Criss t'es venu chez nous comme par hasard la seule semaine que j'étais là dans l'été!!!!!!!!
T'avais rien qu'à être dans le bottin maudit calisse! Tu viens de crisser à terre la réputation d'hospitalité de ta ville!
C'est vrai qu'ils sont mourants les campeurs. Quand j'étais jeune, mes parents nous faisaient passer l'été au camping. À l'adolescence j'ai refusé de les suivre. Eille, des clôtures en bouchons de bouteilles de bière ou en galons d'eau de javel...

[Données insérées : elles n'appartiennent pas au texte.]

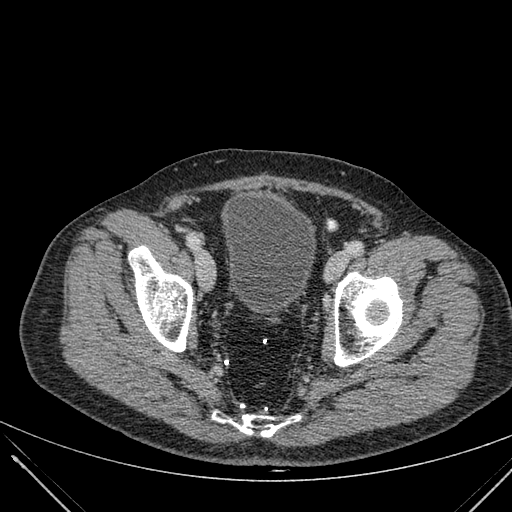
CT
Annotated regions:
* urinary bladder: region(224, 196, 316, 309)
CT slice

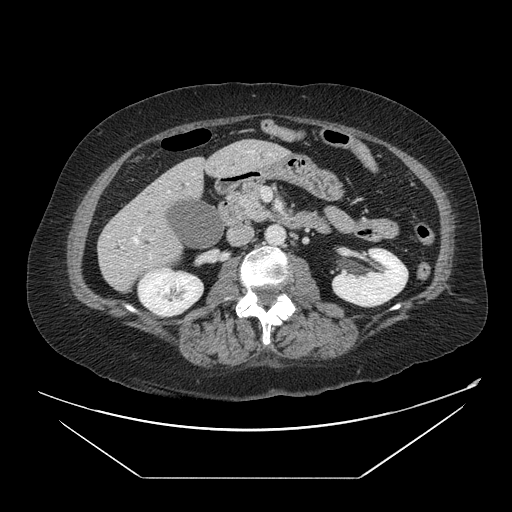
The pancreas is bounded by (left=230, top=183, right=274, bottom=222). The pancreatic tumor is located at (left=246, top=201, right=256, bottom=212).
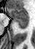
Medial temporal lobe. MRI. 35x49 px. <segmentation>
  <anterior_hippocampus>7 8 28 20</anterior_hippocampus>
  <posterior_hippocampus>16 21 27 28</posterior_hippocampus>
</segmentation>

Bien contente que tu es passé une belle été et que tu en sors la tête pleins de souvenirs.
HAHAHAHAHAHAH Oh God ! j'aurais freaké à la place de Aimepé !!! Et la shot des sandales ! Mouahahaha ! je note aussi :D
J'suis pas fana de camping, mais j'ai pris des notes ;)
T'es dont ben drôle! Même si c'est pas ton but!
Je vais faire lire ça à mes parents, baby boomers qui viennent de se procurer un beau Winnebago!
Au moins, ils ont le mérite de se promener avec....ils restent pas stâllés au camping ste madeleine...
Quand tu te promène avec, c'est justifié d'en avoir un je pense (c'est quand même cher, mais bon, si t'as le cash, fais ce que tu veux avec). Comme tu dis, c'est de se staller à quelque part qui est le problème!